With photolithography, patterns are limited to a minimum size of 60 nm, according to Dr. Teodor Veres, research scientist at the NRC-IMI. Microchips are nearing this limit, and chip-makers, like Intel Corp., will have to devise other methods to produce faster microprocessors.

In fact, it was this limitation that Princeton’s Chou was trying to overcome when he developed NIL.

Polymers used in hot-embossing NIL have to flow at temperatures between 18C and 350C, Cameron said.

“Hot embossing is limited to thermoplastic or thermocurable polymers because the viscosity of the polymer has to be quite low, above the glass transition temperature (Tg),” he explained. “With any amorphous polymer, below Tg it gets glassy.”

Amorphous polymers aren’t particularly required for this NIL technique, but they’re easier to work with than crystalline thermoplastics because crystalline plastics have sharper melting points and don’t exist long in the putty-like state needed for hot- embossing NIL.

For nanostructures, the NRC-IMI is using polycyclic olefins, polymethyl methacrylate (PMMA), polystyrene (PS) and polycarbonate (PC), Cameron said.

For nanostructures and thin films, the NRC-IMI uses PMMA, PS and commercially proprietary polymers, he added.

One particular application the NRC-IMI has been developing is disposable devices for diagnosing certain illnesses. In the third world, detecting and determining the causes of fevers is difficult because doctors usually don’t have access to labs to have blood cultures examined, Cameron explained.

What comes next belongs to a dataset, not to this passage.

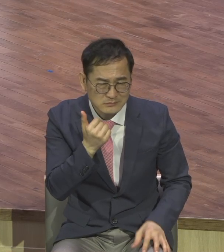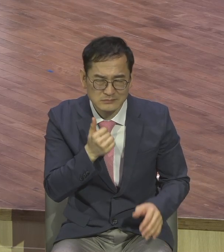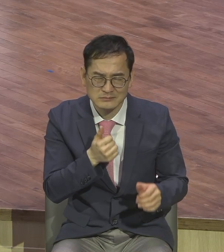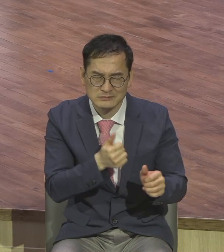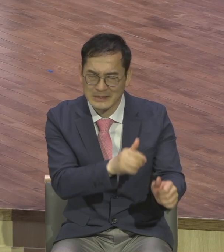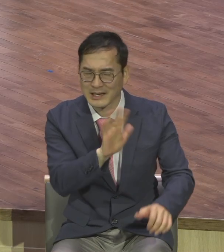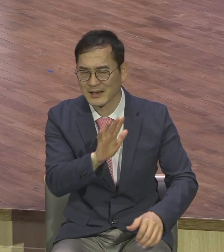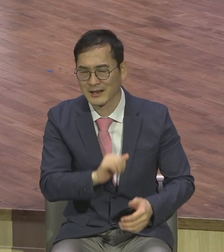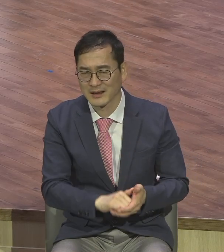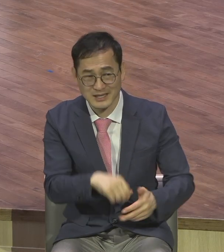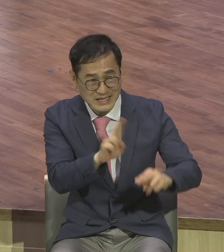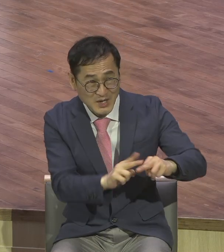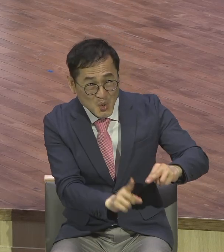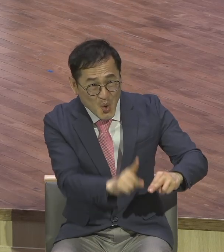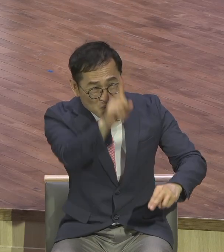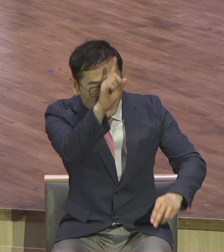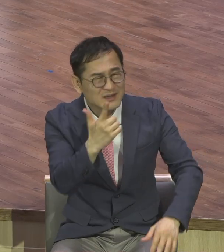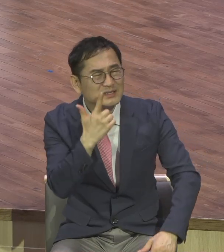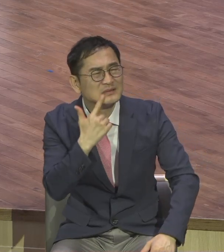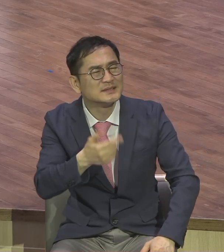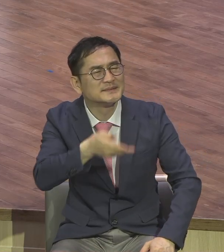절대 그런 관심 없어요. 그런데

In this application, hot-embossing NIL would be used to create detection chambers on a piece of thermoplastic. The detection chambers would be filled with chemicals capable of detecting pathogens. For example, doctors could simply press the diagnostic strip of plastic onto a patient’s tongue, and based upon the chemical reaction i.e., a colour change, a doctor could determine what illness the patient is suffering from.

And because of poverty in the third world, it has to be done cheaply.

“NanoImprint technology gets bandied about for this technology because once you’ve made the stamp you can use it over and over again, and it can be replicated,” Cameron said.

Later this year, Canadian companies will have a new resource to help them develop using NIL.

Back in June, the Canadian NanoBusiness Alliance (CNBA) and the National Research Council plugged a total of $4.55 million into developing a NIL prototyping facility in Canada, which will be located at the NR-IMI’s complex in Boucherville.

When the facility opens later this year, companies will be able to take advantage of the technology to develop their own applications with NIL (for a fee), and to take advantage of the facility’s short-run processing capabilities.

Further details will be announced later this year.